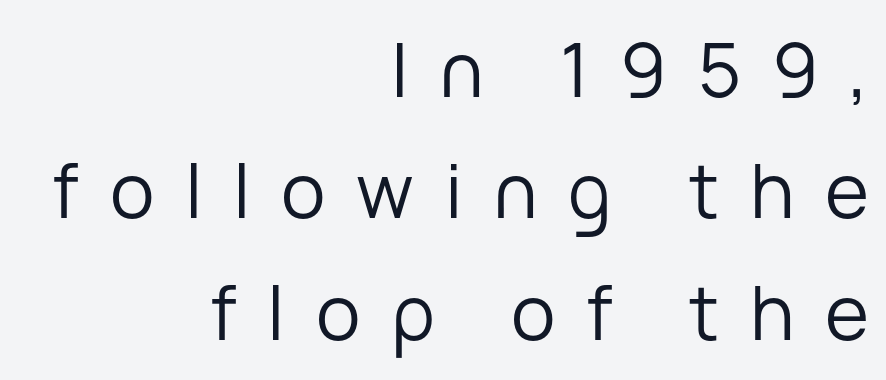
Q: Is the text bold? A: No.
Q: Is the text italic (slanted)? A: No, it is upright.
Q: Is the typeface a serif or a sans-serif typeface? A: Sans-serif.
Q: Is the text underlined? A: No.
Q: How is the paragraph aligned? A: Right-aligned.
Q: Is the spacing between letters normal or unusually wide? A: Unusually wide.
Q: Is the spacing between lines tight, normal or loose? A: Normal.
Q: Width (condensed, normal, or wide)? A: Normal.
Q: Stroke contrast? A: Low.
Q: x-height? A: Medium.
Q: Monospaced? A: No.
---
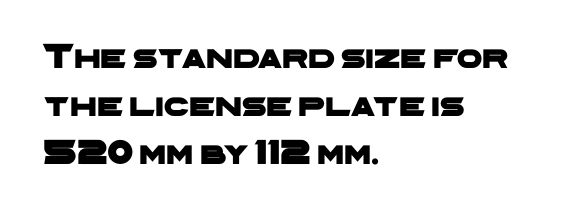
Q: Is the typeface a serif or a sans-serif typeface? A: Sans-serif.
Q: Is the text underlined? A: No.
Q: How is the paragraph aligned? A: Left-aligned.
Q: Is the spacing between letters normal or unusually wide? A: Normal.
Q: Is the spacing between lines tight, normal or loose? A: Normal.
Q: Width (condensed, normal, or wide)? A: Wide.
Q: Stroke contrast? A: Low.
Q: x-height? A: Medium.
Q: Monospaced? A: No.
--
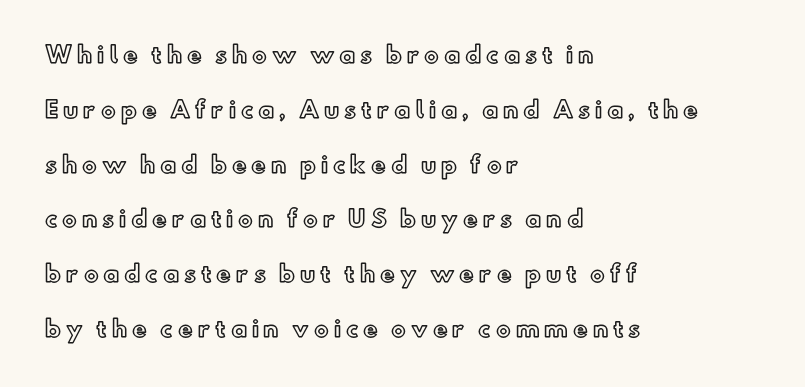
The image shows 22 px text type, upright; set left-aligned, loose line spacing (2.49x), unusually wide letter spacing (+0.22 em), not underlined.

**Your instructions**
If a line in the records contains the string "aligned", copy it out.

**Result below**
Q: How is the paragraph aligned? A: Right-aligned.
Q: How is the paragraph aligned? A: Left-aligned.
The image shows 22 px text type, upright; set left-aligned, loose line spacing (2.49x), unusually wide letter spacing (+0.22 em), not underlined.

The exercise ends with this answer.